**What you have to do:** A complete response lists each line of the data below that includes the word "condensed".

(Stored items from a collection)

──────────

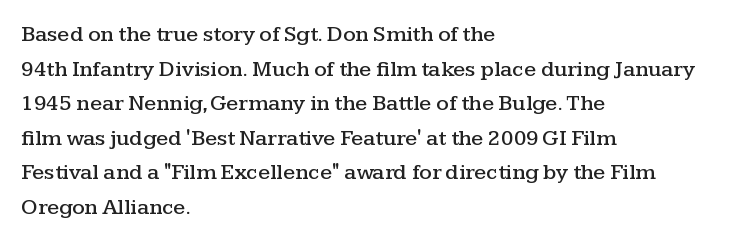
The setting favours the left margin, as ordinary paragraphs usually do. The letters stand straight up with perfectly vertical stems. Baseline-to-baseline distance is the conventional proportion of letter height. Beneath every word, the page is bare. Is the letter spacing exaggerated? No — it looks like the ordinary default.
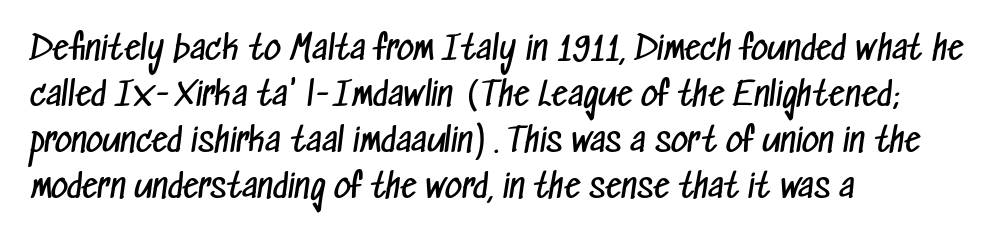
The face used here is rendered with its standard letterfit. These lines stack with their left ends in a neat column. Unmarked baselines from the first word to the last. The letters carry no serifs — their stems end cleanly without finishing strokes.
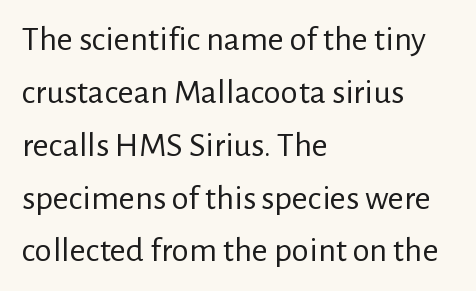
{"serif": "no", "italic": "no", "bold": "no", "weight": "regular", "width": "normal", "stroke_contrast": "low", "x_height": "medium", "monospaced": "no", "underline": "no", "align": "left", "line_spacing": "normal", "line_spacing_ratio": 1.51, "letter_spacing": "normal", "letter_spacing_em": 0.0, "glyph_px": 35}
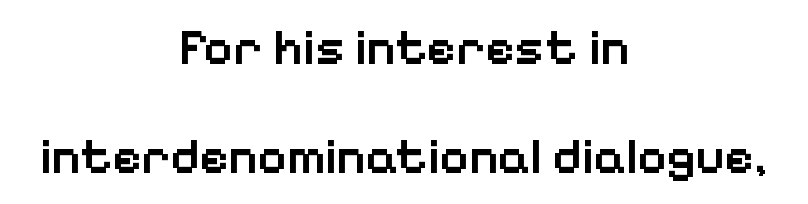
{"serif": "no", "italic": "no", "bold": "semi", "weight": "semibold", "width": "normal", "stroke_contrast": "low", "x_height": "medium", "monospaced": "no", "underline": "no", "align": "center", "line_spacing": "loose", "line_spacing_ratio": 2.19, "letter_spacing": "normal", "letter_spacing_em": 0.0, "glyph_px": 50}
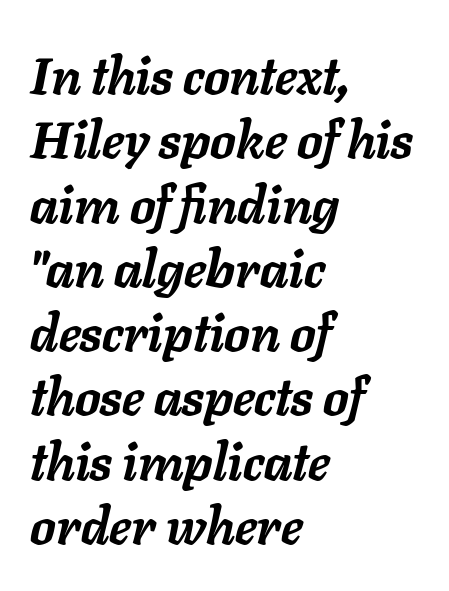
This sample is left-justified, so line endings fall wherever the words run out. Typographic density is high because the face is bold. The horizontal fit of the characters is conventional and even. These lines were composed using italics. Any mark beneath the type? The region is blank.
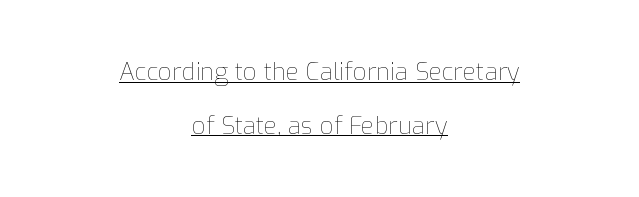
Leading: increased. Does the lettering tilt? It doesn't — this is upright. Spacing between characters is what you'd get straight out of the box. Unbolded letterforms with no extra heft.
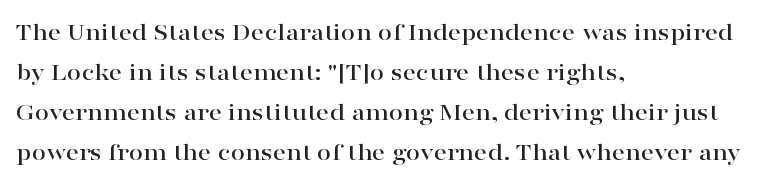
Q: Is the text italic (slanted)? A: No, it is upright.
Q: Is the text underlined? A: No.
Q: How is the paragraph aligned? A: Left-aligned.
Q: Is the spacing between letters normal or unusually wide? A: Normal.
Q: Is the spacing between lines tight, normal or loose? A: Normal.
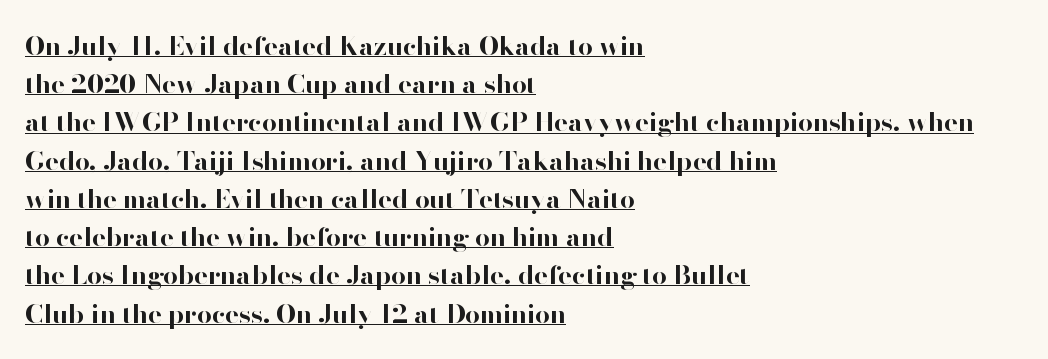
{"italic": "no", "bold": "yes", "underline": "yes", "align": "left", "line_spacing": "normal", "line_spacing_ratio": 1.47, "letter_spacing": "normal", "letter_spacing_em": 0.0, "glyph_px": 26}
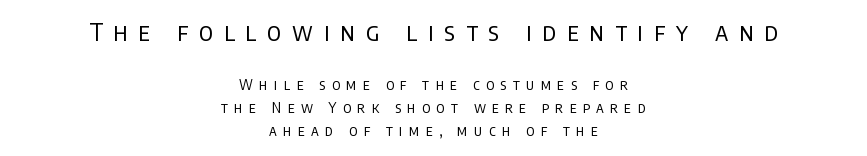
Q: Is the text bold? A: No.
Q: Is the text italic (slanted)? A: No, it is upright.
Q: Is the text underlined? A: No.
Q: How is the paragraph aligned? A: Centered.
Q: Is the spacing between letters normal or unusually wide? A: Unusually wide.
Q: Is the spacing between lines tight, normal or loose? A: Normal.
Q: Which block of text is set in a larger size, the first (top) or the second (bottom)? A: The first (top) one.
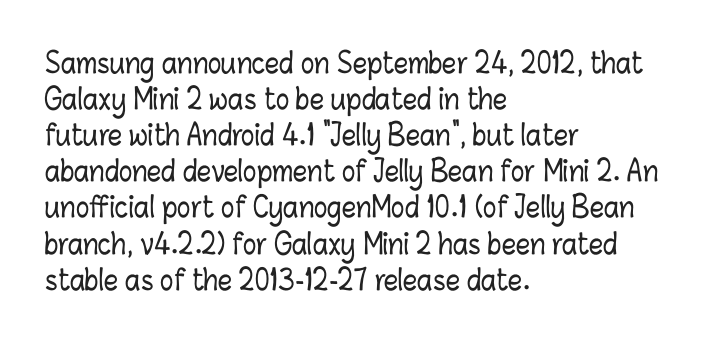
Casual observation: everything's shoved over to the left. Students, observe: this is what conventionally led text looks like. Letter spacing: default. The specimen omits any rule beneath the text block's lines.
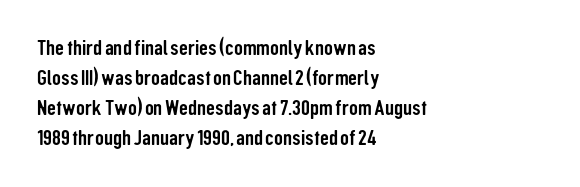
The image shows 22 px text type, upright; set left-aligned, normal line spacing (1.36x), normal letter spacing, not underlined.
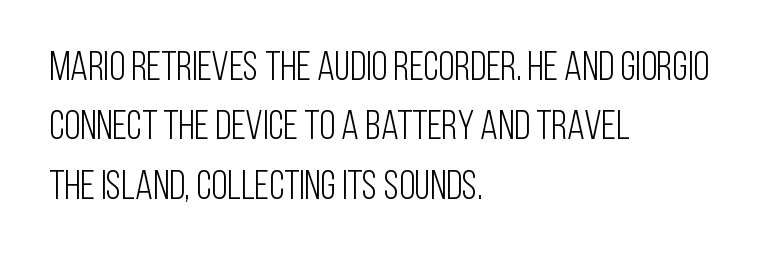
Q: Is the text bold? A: No.
Q: Is the text italic (slanted)? A: No, it is upright.
Q: Is the typeface a serif or a sans-serif typeface? A: Sans-serif.
Q: Is the text underlined? A: No.
Q: How is the paragraph aligned? A: Left-aligned.
Q: Is the spacing between letters normal or unusually wide? A: Normal.
Q: Is the spacing between lines tight, normal or loose? A: Normal.
Q: Width (condensed, normal, or wide)? A: Condensed.
Q: Stroke contrast? A: Low.
Q: x-height? A: Large.
Q: Monospaced? A: No.
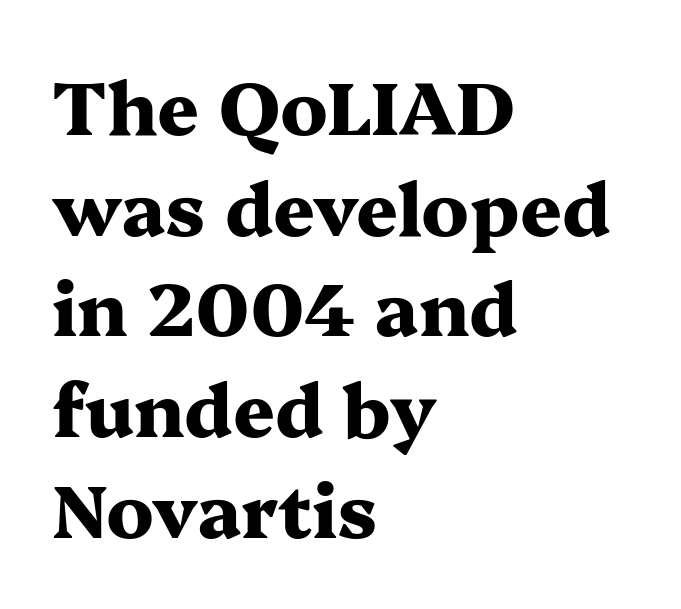
Q: Is the text bold? A: Yes.
Q: Is the text italic (slanted)? A: No, it is upright.
Q: Is the typeface a serif or a sans-serif typeface? A: Serif.
Q: Is the text underlined? A: No.
Q: How is the paragraph aligned? A: Left-aligned.
Q: Is the spacing between letters normal or unusually wide? A: Normal.
Q: Is the spacing between lines tight, normal or loose? A: Normal.
Q: Width (condensed, normal, or wide)? A: Wide.
Q: Stroke contrast? A: Medium.
Q: x-height? A: Medium.
Q: Monospaced? A: No.
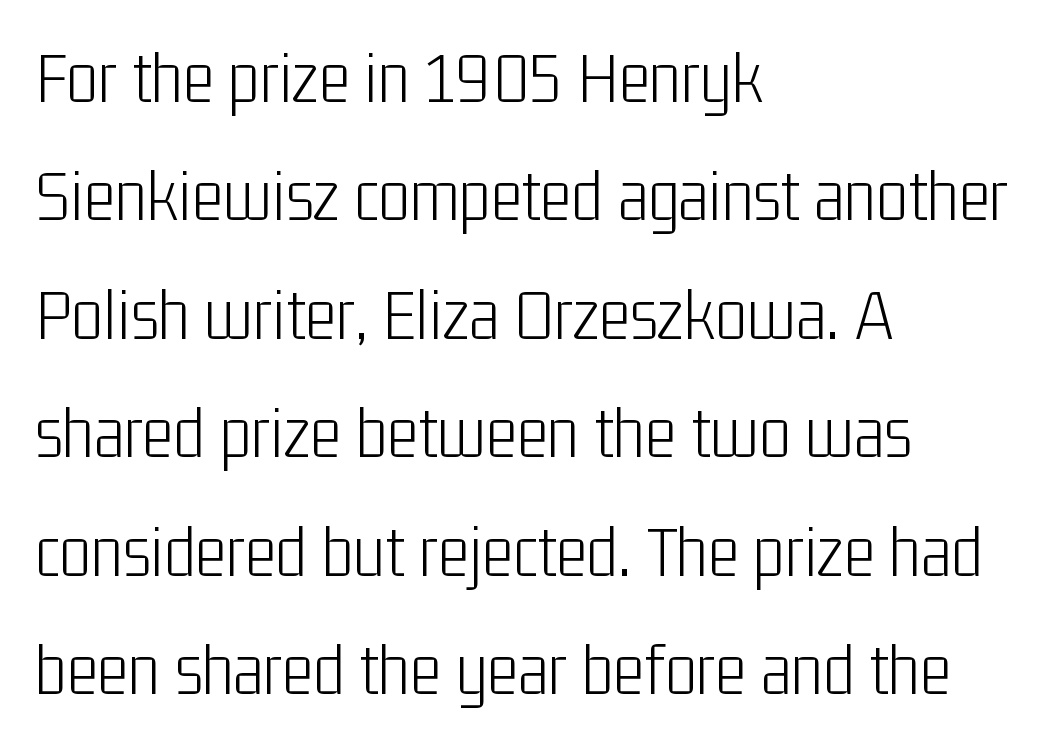
Q: Is the text bold? A: No.
Q: Is the text italic (slanted)? A: No, it is upright.
Q: Is the typeface a serif or a sans-serif typeface? A: Sans-serif.
Q: Is the text underlined? A: No.
Q: How is the paragraph aligned? A: Left-aligned.
Q: Is the spacing between letters normal or unusually wide? A: Normal.
Q: Is the spacing between lines tight, normal or loose? A: Normal.
Q: Width (condensed, normal, or wide)? A: Condensed.
Q: Stroke contrast? A: Low.
Q: x-height? A: Medium.
Q: Monospaced? A: No.
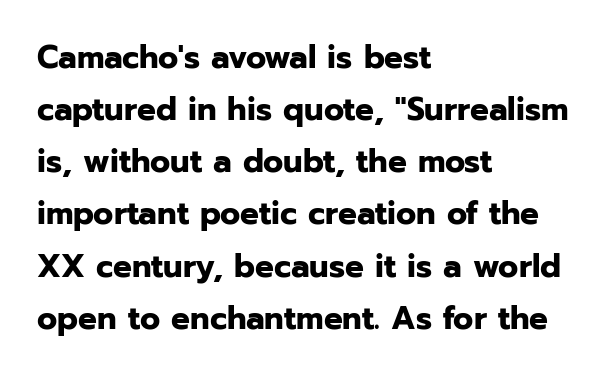
Q: Is the text bold? A: Yes.
Q: Is the text italic (slanted)? A: No, it is upright.
Q: Is the typeface a serif or a sans-serif typeface? A: Sans-serif.
Q: Is the text underlined? A: No.
Q: How is the paragraph aligned? A: Left-aligned.
Q: Is the spacing between letters normal or unusually wide? A: Normal.
Q: Is the spacing between lines tight, normal or loose? A: Normal.
Q: Width (condensed, normal, or wide)? A: Normal.
Q: Stroke contrast? A: Low.
Q: x-height? A: Medium.
Q: Monospaced? A: No.
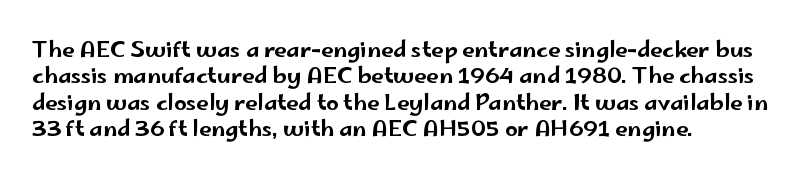
{"italic": "no", "underline": "no", "align": "left", "line_spacing_ratio": 1.2, "letter_spacing": "normal", "letter_spacing_em": 0.0, "glyph_px": 22}

──────────

**Final answer:**
Q: Width (condensed, normal, or wide)? A: Condensed.
Q: Width (condensed, normal, or wide)? A: Wide.
Q: Width (condensed, normal, or wide)? A: Condensed.
Q: Width (condensed, normal, or wide)? A: Normal.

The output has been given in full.